A good part of Christian liturgy is remembering (anamnesis) what God has done in order to be more alert to what God is doing in our lives, in our world. God has taken the first step in accomplishing our salvation in the Incarnation, the entrance of the Divine into human form, into human history. In the birth, life, ministry, death, resurrection and ascension of Jesus Christ, God has called us, claimed our lives. Because of what God has done in Jesus Christ, we know God’s persistent presence with us, within us.

Our worship, then, is response to the Divine Initiative, a ritual of common remembering and thanksgiving, renewed commitment, and celebration.

These are two broad but critical matters to keep in mind about worship, yet I’m sure you can think of others equally as important. Drop me a comment or two.

Monday, September 6, 2010

Being Picky

Preparing a sermon isn’t necessarily the hardest part of getting ready for Sunday. There is always the selection of what hymns to sing.

Sometimes rummaging through some 600 hymns in the Presbyterian Hymnal to snag three or four perfect ones for a particular Lord’s Day can be an arduous task. So it helps to have a plan, a process for locating fitting songs for the congregation to sing in praise of God and in affirmation of their faith.

Finding the needle-like hymns in the hymnal-haystack can be made easier if you know what all the choices are. We preachers are more occupied with the texts before us and think in terms of words rather than music. Therefore, it is a good idea to enlist the cooperation of our musical colleagues, the choir directors, organists, and ministers of music whom we work with.

Here’s an idea: Set aside an evening for clergy, musicians and worship planners and leaders to gather around the piano and sing through the hymnal. Of course, you won’t get very far in just a couple of hours, but you might well cover hymns for an up-coming season, at least enough to make selecting the right ones for those Sundays easier. The process can be repeated several times through the year, and you can bet that after a while clergy will know better what the possibilities are.

With the foundation of the sing-along sessions supporting them, clergy and musicians will be better equipped to fulfill other criteria in the selection of hymns.

A primary consideration, of course, is that the hymns (at least the one following the sermon) appropriately connect with the preached message. When the hymns and the proclamation from the pulpit jibe, the message is reinforced considerably. Singing enables memory, and the sung words of a hymn will stick in the congregation’s consciousness beyond the front door of the church.

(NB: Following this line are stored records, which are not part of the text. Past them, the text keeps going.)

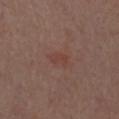| feature | finding |
|---|---|
| biopsy status | total-body-photography surveillance lesion; no biopsy |
| tile lighting | white-light illumination |
| patient | male, approximately 70 years of age |
| location | the chest |
| image source | ~15 mm crop, total-body skin-cancer survey |
| diameter | ≈2.5 mm |
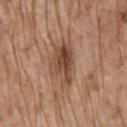Case summary:
- follow-up · no biopsy performed (imaged during a skin exam)
- lesion diameter · about 5.5 mm
- illumination · white-light
- location · the mid back
- imaging modality · ~15 mm tile from a whole-body skin photo
- subject · male, aged 68–72
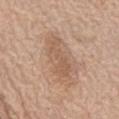Q: Is there a histopathology result?
A: imaged on a skin check; not biopsied
Q: Lesion location?
A: the abdomen
Q: How was this image acquired?
A: 15 mm crop, total-body photography
Q: Patient demographics?
A: male, in their mid-60s
Q: How large is the lesion?
A: ≈5 mm
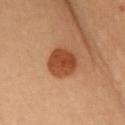<tbp_lesion>
  <biopsy_status>not biopsied; imaged during a skin examination</biopsy_status>
  <automated_metrics>
    <area_mm2_approx>11.0</area_mm2_approx>
    <eccentricity>0.4</eccentricity>
    <vs_skin_darker_L>11.0</vs_skin_darker_L>
    <vs_skin_contrast_norm>9.5</vs_skin_contrast_norm>
    <nevus_likeness_0_100>100</nevus_likeness_0_100>
    <lesion_detection_confidence_0_100>100</lesion_detection_confidence_0_100>
  </automated_metrics>
  <patient>
    <sex>female</sex>
    <age_approx>40</age_approx>
  </patient>
  <image>
    <source>total-body photography crop</source>
    <field_of_view_mm>15</field_of_view_mm>
  </image>
  <site>chest</site>
  <lighting>cross-polarized</lighting>
</tbp_lesion>
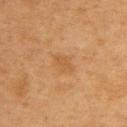Q: Where on the body is the lesion?
A: the upper back
Q: How was the tile lit?
A: cross-polarized
Q: What is the lesion's diameter?
A: about 3 mm
Q: What is the imaging modality?
A: 15 mm crop, total-body photography
Q: Patient demographics?
A: male, aged around 55
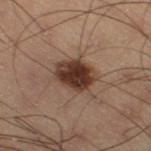Captured during whole-body skin photography for melanoma surveillance; the lesion was not biopsied. A male subject aged around 55. Cropped from a total-body skin-imaging series; the visible field is about 15 mm. On the right thigh.
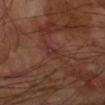This lesion was catalogued during total-body skin photography and was not selected for biopsy.
The recorded lesion diameter is about 2.5 mm.
A male patient, aged 68–72.
A region of skin cropped from a whole-body photographic capture, roughly 15 mm wide.
This is a cross-polarized tile.
The lesion is on the left forearm.
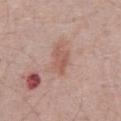This lesion was catalogued during total-body skin photography and was not selected for biopsy.
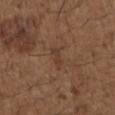biopsy status: total-body-photography surveillance lesion; no biopsy | illumination: white-light | body site: the left upper arm | TBP lesion metrics: peripheral color asymmetry of about 0 | lesion diameter: ~2.5 mm (longest diameter) | image source: ~15 mm crop, total-body skin-cancer survey | patient: male, in their 50s.
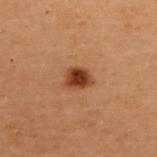Context: Captured under cross-polarized illumination. Located on the upper back. A female subject, aged 48–52. The lesion's longest dimension is about 2.5 mm. Cropped from a total-body skin-imaging series; the visible field is about 15 mm.
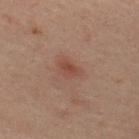Captured during whole-body skin photography for melanoma surveillance; the lesion was not biopsied. A 15 mm close-up extracted from a 3D total-body photography capture. Approximately 3 mm at its widest. The tile uses cross-polarized illumination. On the upper back. A male subject about 50 years old.
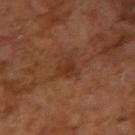Q: Was this lesion biopsied?
A: imaged on a skin check; not biopsied
Q: Who is the patient?
A: male, in their mid-50s
Q: Automated lesion metrics?
A: a mean CIELAB color near L≈33 a*≈22 b*≈30 and a normalized lesion–skin contrast near 6; a border-irregularity index near 2.5/10, a within-lesion color-variation index near 2/10, and radial color variation of about 0.5; a lesion-detection confidence of about 100/100
Q: Illumination type?
A: cross-polarized
Q: Lesion location?
A: the right upper arm
Q: Lesion size?
A: ≈2.5 mm
Q: How was this image acquired?
A: ~15 mm crop, total-body skin-cancer survey
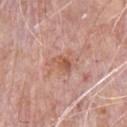Case summary:
– workup — total-body-photography surveillance lesion; no biopsy
– site — the chest
– image source — ~15 mm tile from a whole-body skin photo
– automated lesion analysis — a lesion color around L≈56 a*≈23 b*≈30 in CIELAB, a lesion–skin lightness drop of about 9, and a normalized border contrast of about 6.5; border irregularity of about 3.5 on a 0–10 scale, a within-lesion color-variation index near 4/10, and peripheral color asymmetry of about 1.5; an automated nevus-likeness rating near 5 out of 100 and a detector confidence of about 100 out of 100 that the crop contains a lesion
– lesion size — ~3 mm (longest diameter)
– subject — male, approximately 70 years of age
– tile lighting — white-light
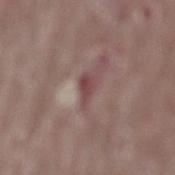Assessment:
The lesion was photographed on a routine skin check and not biopsied; there is no pathology result.
Clinical summary:
A 15 mm close-up extracted from a 3D total-body photography capture. Captured under white-light illumination. From the mid back. A male patient in their 40s. The total-body-photography lesion software estimated a border-irregularity rating of about 4/10 and radial color variation of about 1. It also reported lesion-presence confidence of about 65/100. Measured at roughly 2.5 mm in maximum diameter.
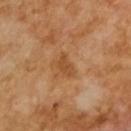biopsy status — catalogued during a skin exam; not biopsied | image-analysis metrics — a mean CIELAB color near L≈47 a*≈22 b*≈38, about 8 CIELAB-L* units darker than the surrounding skin, and a normalized lesion–skin contrast near 6.5; an automated nevus-likeness rating near 0 out of 100 and a lesion-detection confidence of about 100/100 | patient — male, aged around 65 | lesion size — about 3 mm | image source — total-body-photography crop, ~15 mm field of view | tile lighting — cross-polarized illumination.
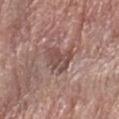The lesion is on the left forearm. Approximately 4 mm at its widest. A male subject aged 73 to 77. The total-body-photography lesion software estimated an outline eccentricity of about 0.75 (0 = round, 1 = elongated) and a shape-asymmetry score of about 0.4 (0 = symmetric). The analysis additionally found a border-irregularity index near 4.5/10, a color-variation rating of about 4/10, and radial color variation of about 1.5. Imaged with white-light lighting. A close-up tile cropped from a whole-body skin photograph, about 15 mm across.
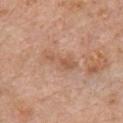Part of a total-body skin-imaging series; this lesion was reviewed on a skin check and was not flagged for biopsy.
Approximately 4.5 mm at its widest.
Captured under white-light illumination.
The lesion-visualizer software estimated a lesion area of about 6.5 mm², an eccentricity of roughly 0.9, and a shape-asymmetry score of about 0.35 (0 = symmetric). The software also gave a lesion color around L≈57 a*≈20 b*≈32 in CIELAB, roughly 7 lightness units darker than nearby skin, and a normalized border contrast of about 5.5. And it measured a border-irregularity index near 4.5/10, a within-lesion color-variation index near 2/10, and a peripheral color-asymmetry measure near 0.5.
A 15 mm crop from a total-body photograph taken for skin-cancer surveillance.
From the chest.
A male patient roughly 60 years of age.
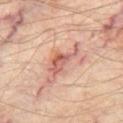Part of a total-body skin-imaging series; this lesion was reviewed on a skin check and was not flagged for biopsy. A patient in their mid-50s. A close-up tile cropped from a whole-body skin photograph, about 15 mm across. The lesion is located on the left thigh. Captured under cross-polarized illumination. Measured at roughly 4.5 mm in maximum diameter.
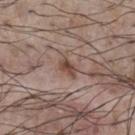<lesion>
<biopsy_status>not biopsied; imaged during a skin examination</biopsy_status>
<patient>
  <sex>male</sex>
  <age_approx>75</age_approx>
</patient>
<image>
  <source>total-body photography crop</source>
  <field_of_view_mm>15</field_of_view_mm>
</image>
<lighting>white-light</lighting>
<automated_metrics>
  <shape_asymmetry>0.35</shape_asymmetry>
  <border_irregularity_0_10>3.0</border_irregularity_0_10>
  <peripheral_color_asymmetry>1.5</peripheral_color_asymmetry>
</automated_metrics>
<site>chest</site>
</lesion>
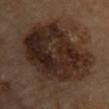Part of a total-body skin-imaging series; this lesion was reviewed on a skin check and was not flagged for biopsy. About 11.5 mm across. The lesion is on the front of the torso. Captured under cross-polarized illumination. The lesion-visualizer software estimated a lesion area of about 65 mm², a shape eccentricity near 0.7, and two-axis asymmetry of about 0.25. The analysis additionally found a border-irregularity rating of about 3.5/10, a within-lesion color-variation index near 7/10, and radial color variation of about 2.5. It also reported an automated nevus-likeness rating near 20 out of 100 and lesion-presence confidence of about 100/100. A roughly 15 mm field-of-view crop from a total-body skin photograph.
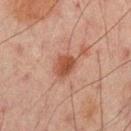workup = imaged on a skin check; not biopsied | location = the mid back | lesion size = ~3 mm (longest diameter) | image source = ~15 mm crop, total-body skin-cancer survey | lighting = cross-polarized illumination | subject = male, aged approximately 65.
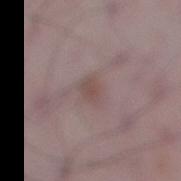Q: Is there a histopathology result?
A: imaged on a skin check; not biopsied
Q: What is the anatomic site?
A: the leg
Q: How was this image acquired?
A: ~15 mm tile from a whole-body skin photo
Q: Illumination type?
A: white-light
Q: What is the lesion's diameter?
A: ≈2.5 mm
Q: Who is the patient?
A: male, aged approximately 50
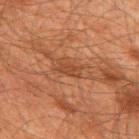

Furthermore, a thematic agreement among the hymns and sermon provides integrity to the whole service. This is no small thing. When hymns are randomly chosen and plopped in the designated slots without thought, the orderliness of the worship service is left in shambles. Such disarray is not lost on the worshipper but translates into confusion of faith.

Worship planners also need to pay attention to the location of the hymn in the order of service. Sometimes, for example, the hymn following the sermon may also provide a suitable lead-in for what comes next, the prayers of the people. Opening hymns will most likely be praise-oriented, but may also introduce the time of confession and pardon. How the hymn moves the service along is an important consideration.

In the sing-along sessions, clergy and musicians will find wonderful hymns with melodies that are less than easily singable. These can be flagged for introduction by the choir as anthems in services prior to the service when they will be sung by the congregation. It’s okay also to have a brief rehearsal for the congregation during the announcements before the beginning of the service.

Inevitably, people will clamor for selection of the “golden oldies.” There’s no denying that there are in the church’s song bag a number of wonderful hymns, and it would be a mistake to neglect them. Novelty is not everything. Hymn selection is a balancing act, and the old and the new can work well together.

We should never underestimate the power and value of hymnody in our worship. Someone once said that most of us Christians learn our theology from the hymns we sang as we were growing up, and those we sing now. Therefore, it is critical that we pay attention to the theology expressed in hymns. Is the hymn individualistic, a me-and-God approach, or does it place the worshipper in the company of faith? Does the hymn offer only rewards at the end of life, or does it point to resources to meet life’s challenges now? Is God perceived as our buddy and pal, or as the Other, the Almighty who is nevertheless reaching toward us? And so forth.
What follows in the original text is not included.